- Date: 19 January 2012
- Presenters: Kenneth Chan, Gilbert Lam, Jin Ling
- Entertainment: Eric Suen, Charles Ying, Alisa Teng
- Venue: Hainan Province Theatre, Haikou, Hainan, China
- Broadcaster: ATV
- Entrants: 20
- Placements: 12
- Winner: Michelle Feng Beijing, China
- Congeniality: Vasinee Veeraphong Thailand

= ATV Miss Asia Pageant 2011 =

ATV Miss Asia Pageant 2011, was the 23rd Miss Asia Pageant, which began on 19 January 2012. The pageant slogan was "Beauties, Gathered in the Water." For the first time, the organizers created a separate event for all contestants of Chinese descent from mainland China, Hong Kong, Canada, the US, and Brazil into a semi-final, the results of whom competed with ten contestants of other Asian races.
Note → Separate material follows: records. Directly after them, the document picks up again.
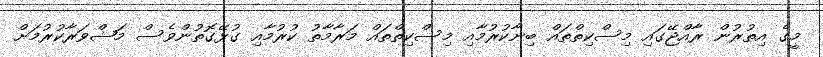
މީގެ އިތުރުން ރާއްޖޭގައި މިސްކިތްތައް ބިނާކުރުމާއި މިސްކިތްތައް މަރާމާތު ކުރުމާއި ގުޅޭގޮތުންވެސް މަޝްވަރާކުރުމަށް
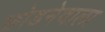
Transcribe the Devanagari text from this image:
छोडनेवाला
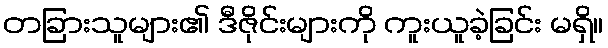
တခြားသူများ၏ ဒီဇိုင်းများကို ကူးယူခဲ့ခြင်း မရှိ။
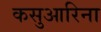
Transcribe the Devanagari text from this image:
कसुआरिना
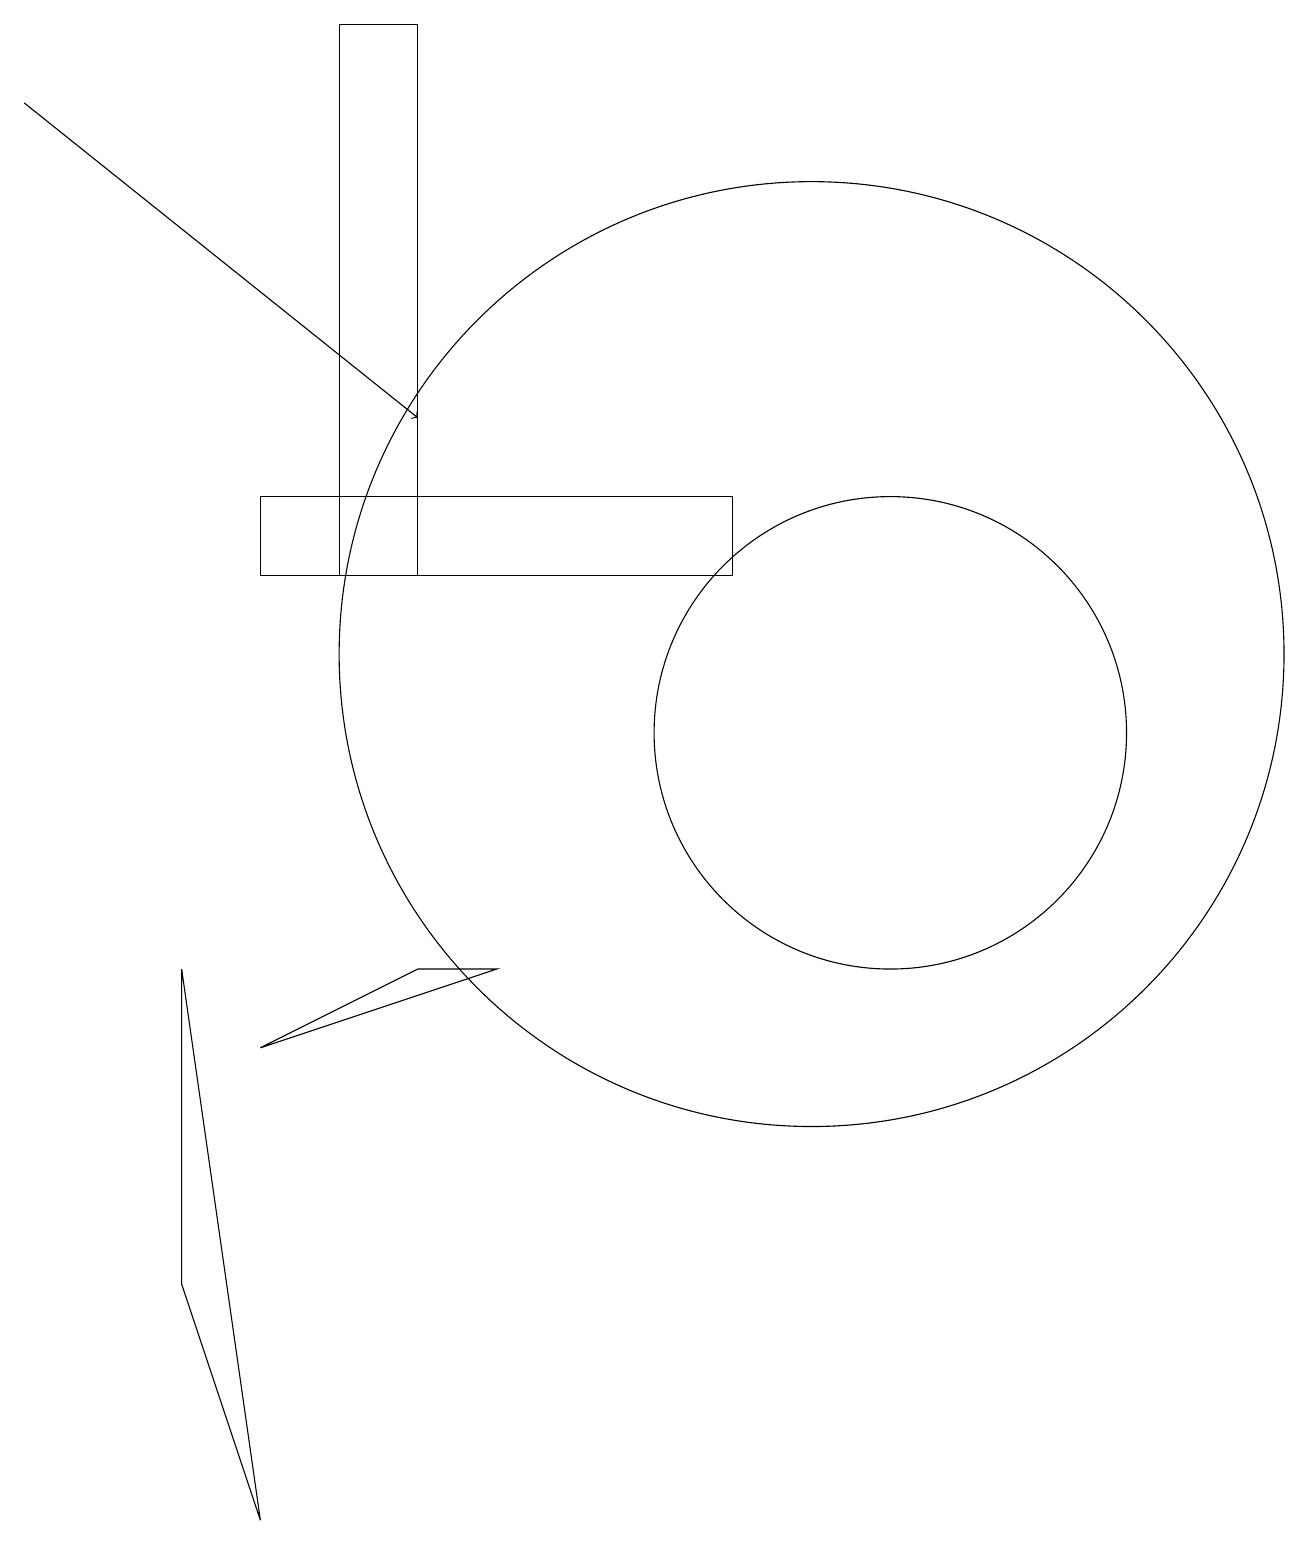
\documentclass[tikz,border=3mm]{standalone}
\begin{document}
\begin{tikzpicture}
\draw (11,10) circle (3);
\draw (2,7) -- (2,3) -- (3,0) -- cycle;
\draw (9,13) rectangle (3,12);
\draw (4,18) rectangle (4,19);
\draw (4,12) rectangle (5,19);
\draw (5,7) -- (3,6) -- (6,7) -- cycle;
\draw[->] (0,18) -- (5,14);
\draw (10,11) circle (6);
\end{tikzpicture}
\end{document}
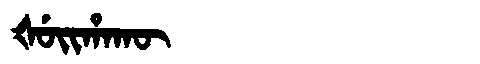
Manchu: ᡧᡠᡳᡥᠠᡴᡡ
Romanization: ŠUIHAKŪ
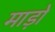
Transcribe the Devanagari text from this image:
माड़ो
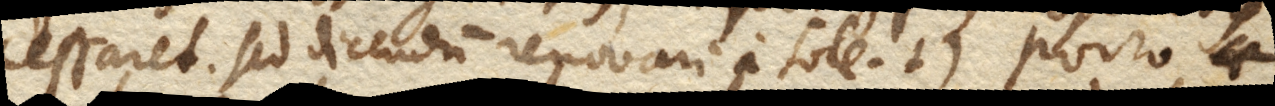
cessaret. Sed dicendum renovari a sole.) Porro
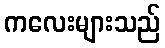
ကလေးများသည်
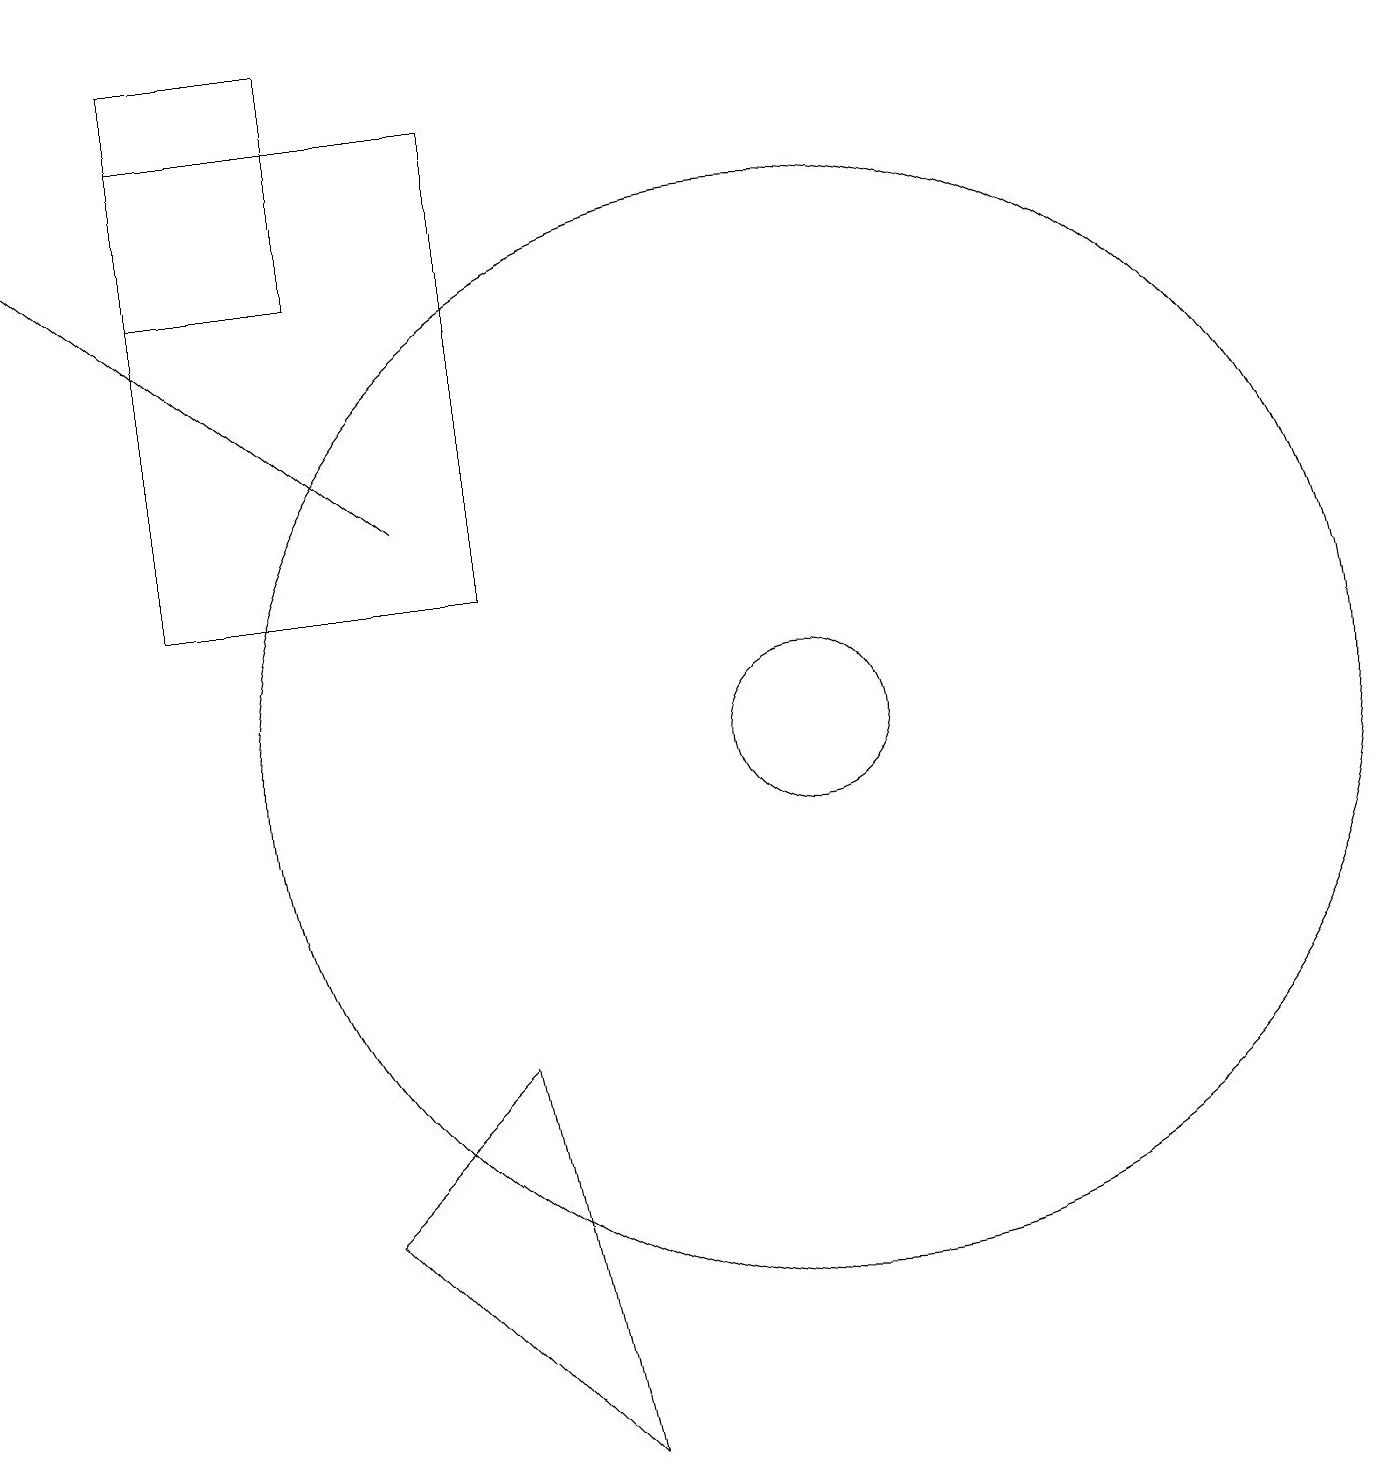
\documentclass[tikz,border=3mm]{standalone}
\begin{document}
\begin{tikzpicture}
\draw (11,10) circle (7);
\draw (11,10) circle (1);
\draw (12,10) circle (0);
\draw (11,10) circle (0);
\draw (8,1) -- (5,4) -- (7,6) -- cycle;
\draw[->] (6,13) -- (1,17);
\draw (5,16) rectangle (3,19);
\draw (3,12) rectangle (7,18);
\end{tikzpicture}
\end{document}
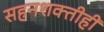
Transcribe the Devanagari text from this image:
सहनशक्तीही
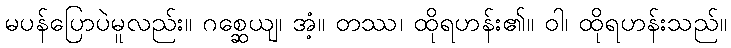
မပန်ပြောပဲမူလည်း။ ဂစ္ဆေယျ၊ အံ့။ တဿ၊ ထိုရဟန်း၏။ ဝါ၊ ထိုရဟန်းသည်။
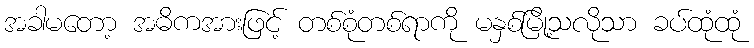
အခါမတော့ အဓိကအားဖြင့် တစ်စုံတစ်ရာကို မနှစ်မြို့သလိုသာ ခပ်ထုံထုံ
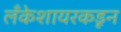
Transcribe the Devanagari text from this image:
लँकेशायरकडून
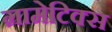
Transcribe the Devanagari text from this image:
ग्रामेटिक्स
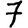
Digit: 7
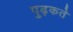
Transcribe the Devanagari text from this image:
पुढ़कते
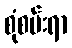
စုံစမ်းရာ
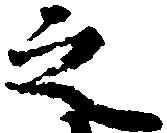
之
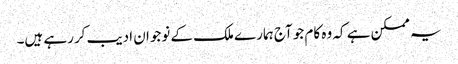
یہ ممکن ہے کہ وہ کام جو آج ہمارے ملک کے نوجوان ادیب کررہے ہیں۔
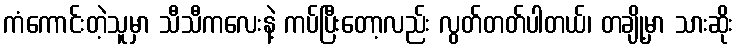
ကံကောင်းတဲ့သူမှာ သီသီကလေးနဲ့ ကပ်ပြီးတော့လည်း လွတ်တတ်ပါတယ်၊ တချို့မှာ သားဆိုး
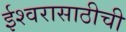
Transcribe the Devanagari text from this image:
ईश्वरासाठीची
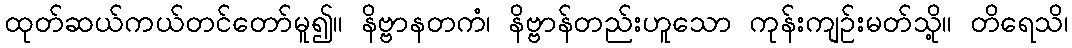
ထုတ်ဆယ်ကယ်တင်တော်မူ၍။ နိဗ္ဗာနတကံ၊ နိဗ္ဗာန်တည်းဟူသော ကုန်းကျဉ်းမတ်သို့။ တိရေသိ၊
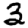
Digit: 3
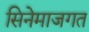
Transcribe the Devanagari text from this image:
सिनेमाजगत
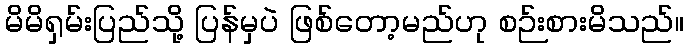
မိမိရှမ်းပြည်သို့ ပြန်မှပဲ ဖြစ်တော့မည်ဟု စဉ်းစားမိသည်။
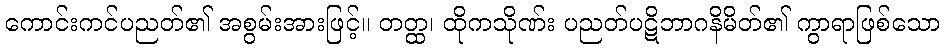
ကောင်းကင်ပညတ်၏ အစွမ်းအားဖြင့်။ တတ္ထ၊ ထိုကသိုဏ်း ပညတ်ပဋိဘာဂနိမိတ်၏ ကွာရာဖြစ်သော
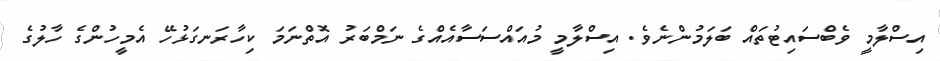
އިސްލާމީ ވެބްސައިޓުތައް ބަލަމުންނެވެ. އިސްލާމީ މުއައްސަސާއެއްގެ ނަމްބަރު އޮތްނަމަ ކިހާރަނގަޅުހޭ އެމީހުންގެ ހާލުގެ
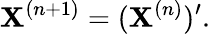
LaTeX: \mathbf{X}^{(n+1)}=(\mathbf{X}^{(n)})^{\prime}.
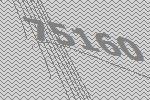
75160
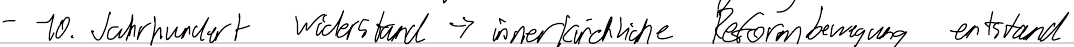
- 10. Jahrhundert Widerstand -> innerkirchliche Reformbewegung entstand

Michelle Feng of Beijing, China, was the winner.

==Background==
The pageant was originally scheduled for fall 2011, but was delayed until early 2012 by the organizers. As in previous years, there was no upper age limit for the contestants. For the first time, the organizers created a separate event for all contestants of Chinese descent who represented different nations, ATV Miss Asia Pageant Greater China Finals 2011. It narrowed down the original 20 contestants to ten from China, Hong Kong, Canada, the US, and Brazil for another set of finals to compete with ten contestants of other Asian races.

==Results==

| Placement | Contestant | Region Represented |
|---|---|---|
| ATV Miss Asia 2011 | Michelle Feng | China (Beijing) |
| 1st Runner-up | Koey Wong | Hong Kong |
| 2nd Runner-up | Yi Joo Hong | Korea |
| 3rd Runner-up | Crystal Yang | China (Sichuan) |
| Other semi-finalists | Monica Lin Shelly Inoue Shuang Zhou Jolene Berube Mico Chang Daria Pechurina Arlene Liang Tiffany Feng | Taiwan Japan China (Hainan) Canada (Toronto) Taiwan Russia USA (New York City) China (Sichuan) |

===Special awards (Finals)===
- Miss Friendship: Vasinee Veeraphong (Thailand)
- Miss Photogenic: Yi Joo Hong (Korea)
- Gorgeous Award: Shuang Zhou (Hainan, China)
- Perfect Figure Award: Michelle Feng (Beijing, China)
- Fascinating Leggy Award: Shelly Inoue (Japan)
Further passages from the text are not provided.